On the Shoulders of Ancestors
I’ve been involved with Mercurial for only a brief period of time but I’m loving every moment of it. When I chose Mercurial over git, I did so despite the latter’s royal (Linux) bloodlines. I haven’t regretted my choice at all, and I’m more and more convinced that it was the good one as I’ve become involved with the project more.
But git and Mercurial have something in common: their shared dislike of Subversion. It’s much less prevalent in the Mercurial camp, but Torvalds’ introductory git talk at Google did pretty much massacre Subversion. Joel Spolsky called Subversion a path to brain damage.
Of course, these people did something about it. Torvalds wrote git, Spolsky released Kiln and sponsored some Mercurial development in the process. But it’s always worth remembering that without stuff like SVN, we might not be where we are today. Many tools, not just version control systems, come into being as a response to what users of existing systems find to be notable shortcomings. And even though it’s time to ditch Subversion, maybe we can quiet down on the hate-talk. Subversion’s original goal was to be a “compelling replacement for CVS”, or CVS done right; git and Mercurial are both further improvements. Guess what, we’re probably going to see someone try to replace them as well.

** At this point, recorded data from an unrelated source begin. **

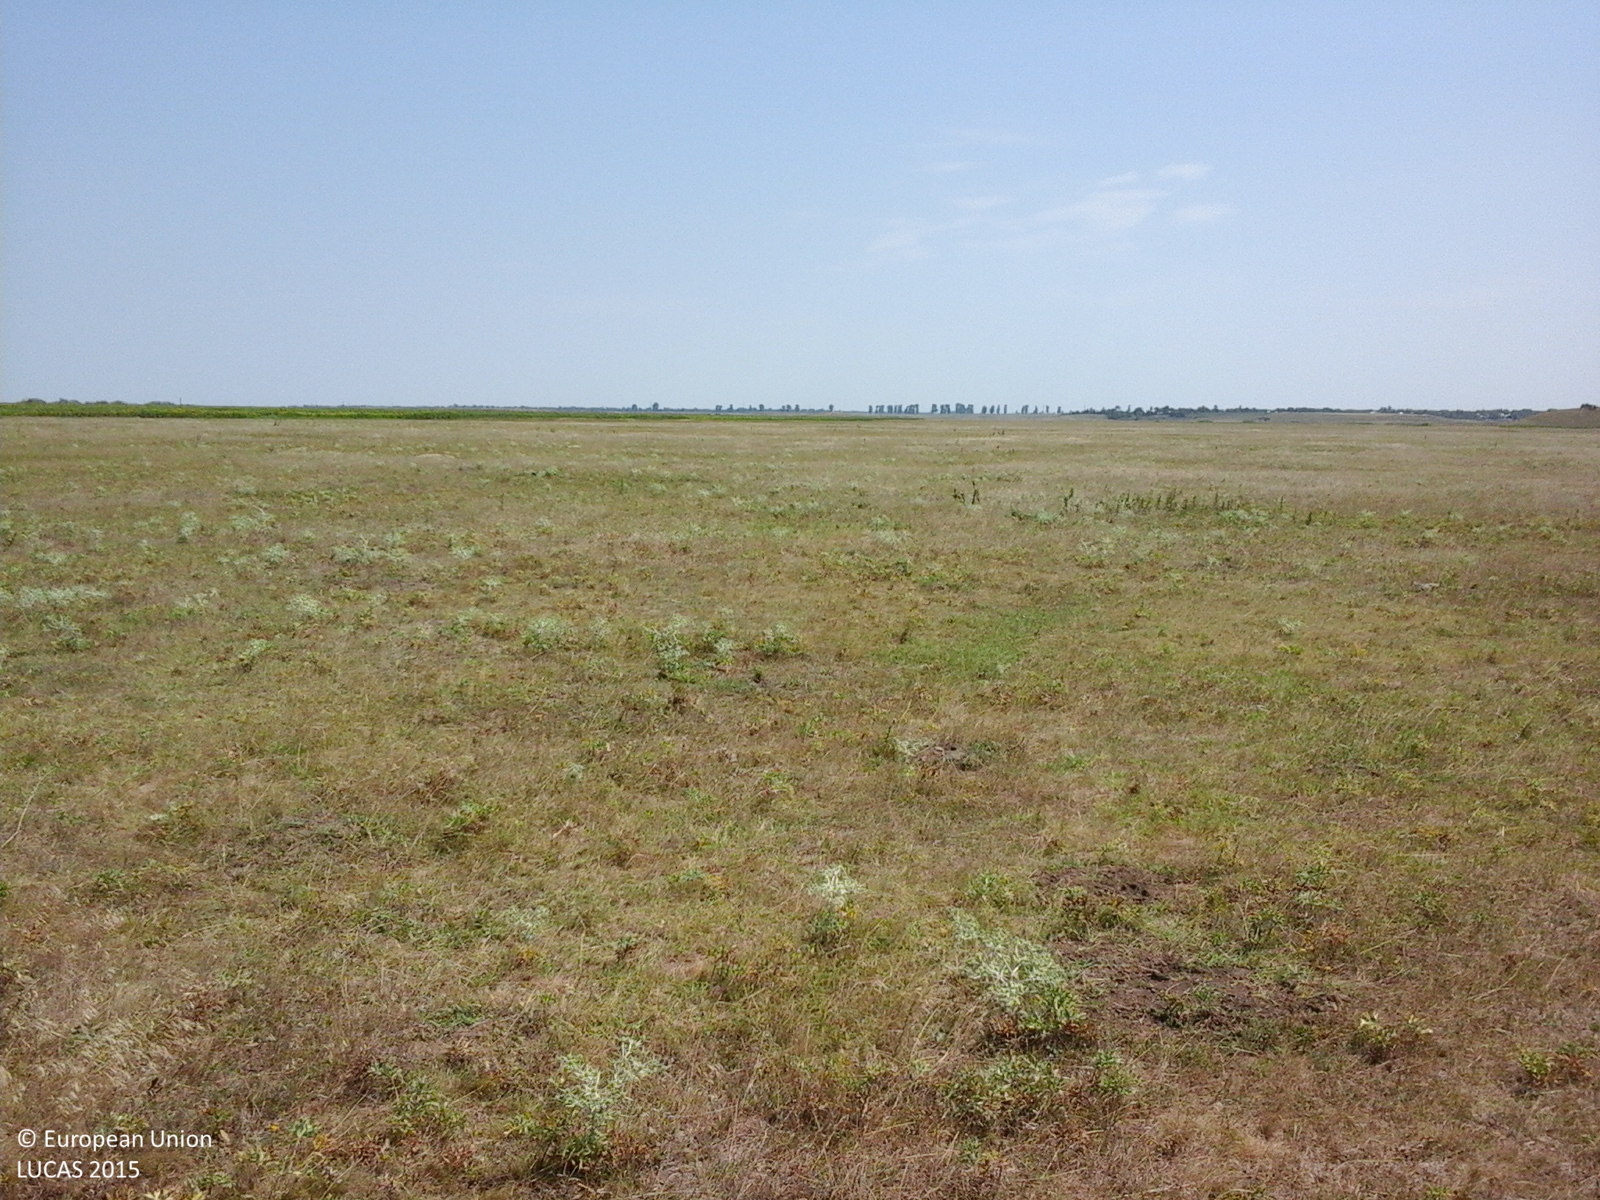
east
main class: Grassland
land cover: Grassland without tree/shrub cover
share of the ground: > 75 %
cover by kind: herbaceous plants 100 %
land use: Agriculture (excluding fallow land and kitchen gardens)
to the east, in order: Grassland without tree/shrub cover; Tracks; Grassland without tree/shrub cover
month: July
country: RO
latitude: 44.9560
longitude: 27.2406

All software tools attempt to solve a problem. They reflect workflows, and are optimized for certain use-cases. Centralized version control made sense in companies because of similarities to how those organizations are structured. In those environments people tend to be assigned specific tasks to work on, so concurrent access to any one resource is reduced. It’s not necessarily the better way to go about development, but it’s the workflow that dictated the tools, not the other way around.
So before you switch to Mercurial (or git), please take a moment of silence for those fallen. Be happy those tools existed in one form or another, think little of the pain they caused, and focus on what the existing tools do well, and what they don’t. Often, we can improve what we have and work around limitations (which is why Subversion lasted this long, why people write extensions to existing tools etc) and sometimes we need to throw it all out and do it anew.